Oliwa Jacquie, Guleid Fatuma Hassan, Owek Collins J, Maluni Justinah, Jepkosgei Juliet, Nzinga Jacinta, Were Vincent O, Sim So Yoon, Walekhwa Abel W, Clapham Hannah, Dabak Saudamini, Kc Sarin, Hadley Liza, Undurraga Eduardo, Hagedorn Brittany L, Hutubessy Raymond Cw
Health Services Unit, KEMRI-Wellcome Trust Research Programme, Nairobi, Kenya
Public Health, Institute of Tropical Medicine, Antwerp, Flanders, Belgium.
BMJ Open. 2025 Apr 5;15(4):e093645. doi: 10.1136/bmjopen-2024-093645.
The COVID-19 pandemic highlighted the significance of mathematical modelling in decision-making and the limited capacity in many low-income and middle-income countries (LMICs). Thus, we studied how modelling supported policy decision-making processes in LMICs during the pandemic (details in a separate paper).We found that strong researcher-policymaker relationships and co-creation facilitated knowledge translation, while scepticism, political pressures and demand for quick outputs were barriers. We also noted that routine use of modelled evidence for decision-making requires sustained funding, capacity building for policy-facing modelling, robust data infrastructure and dedicated knowledge translation mechanisms.These lessons helped us co-create a framework and policy roadmap for improving the routine use of modelling evidence in public health decision-making. This communication paper describes the framework components and provides an implementation approach and evidence for the recommendations. The components include (1) funding, (2) capacity building, (3) data infrastructure, (4) knowledge translation platforms and (5) a culture of evidence use.
Our framework integrates the supply (modellers) and demand (policymakers) sides and contextual factors that enable change. It is designed to be generic and disease-agnostic for any policy decision-making that modelling could support. It is not a decision-making tool but a guiding framework to help build capacity for evidence-based policy decision-making. The target audience is modellers and policymakers, but it could include other partners and implementers in public health decision-making.

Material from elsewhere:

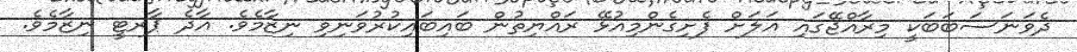
ދެވަނަސަބަބަކީ މިރާއްޖޭގައި އަަލަށް ފެށިގެންމިއުޅޭ ރައްޔިތުން ބައިބައިކުރުވަނިވި ނިޒާމެވެ. އާދެ ޕާރޓީ ނިޒާމެވެ.
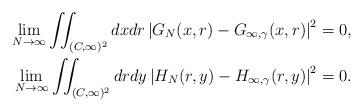
LaTeX: \begin{align*} \lim_{N \to \infty} \iint_{(C, \infty)^2} dx dr \left\lvert G_N(x, r) - G_{\infty, \gamma}(x, r) \right\rvert^2 = {}& 0, \\ \lim_{N \to \infty} \iint_{(C, \infty)^2} dr dy \left\lvert H_N(r, y) - H_{\infty, \gamma}(r, y) \right\rvert^2 = {}& 0. \end{align*}

The framework was created through engagements with policymakers and researchers and reflects their real-life experiences during the COVID-19 pandemic. Its purpose is to guide stakeholders, especially in lower-resourced settings, in building modelling capacity, prioritising efforts and creating an enabling environment for using models as part of the evidence base to inform public health decision-making. To validate its robustness and impact, further work is needed to implement and evaluate this framework in diverse settings.

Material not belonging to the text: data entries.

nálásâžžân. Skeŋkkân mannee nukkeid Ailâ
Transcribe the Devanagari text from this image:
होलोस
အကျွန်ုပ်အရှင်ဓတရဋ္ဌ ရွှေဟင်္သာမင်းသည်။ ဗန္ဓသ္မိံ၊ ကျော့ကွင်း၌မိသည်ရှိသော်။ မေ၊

新冠疫情凸显了数学建模在决策中的重要性,以及许多低收入和中等收入国家(LMICs)建模能力的有限性。因此,我们研究了建模在疫情期间如何支持低收入和中等收入国家的政策决策过程(详情见另一篇论文)。我们发现,强大的研究人员与政策制定者关系以及共同创造促进了知识转化,而怀疑态度、政治压力和对快速产出的需求则是障碍。我们还指出,将建模证据用于决策的常规做法需要持续的资金、面向政策的建模能力建设、强大的数据基础设施以及专门的知识转化机制。这些经验教训帮助我们共同创建了一个框架和政策路线图,以改善建模证据在公共卫生决策中的常规应用。本交流论文描述了框架组成部分,并为各项建议提供了实施方法和证据。这些组成部分包括:(1)资金;(2)能力建设;(3)数据基础设施;(4)知识转化平台;(5)证据使用文化。
我们的框架整合了供应方(建模人员)和需求方(政策制定者)以及促成变革的背景因素。它旨在具有通用性且不针对特定疾病,适用于建模可支持的任何政策决策。它不是一个决策工具,而是一个指导框架,有助于建设基于证据的政策决策能力。目标受众是建模人员和政策制定者,但可能还包括公共卫生决策中的其他合作伙伴和实施者。
该框架是通过与政策制定者和研究人员的合作创建的,反映了他们在新冠疫情期间的实际经验。其目的是指导利益相关者,特别是在资源较少的环境中,建设建模能力、确定工作重点并营造一个有利环境,以便将模型作为证据基础的一部分用于为公共卫生决策提供信息。为验证其稳健性和影响力,需要进一步开展工作,在不同环境中实施和评估该框架。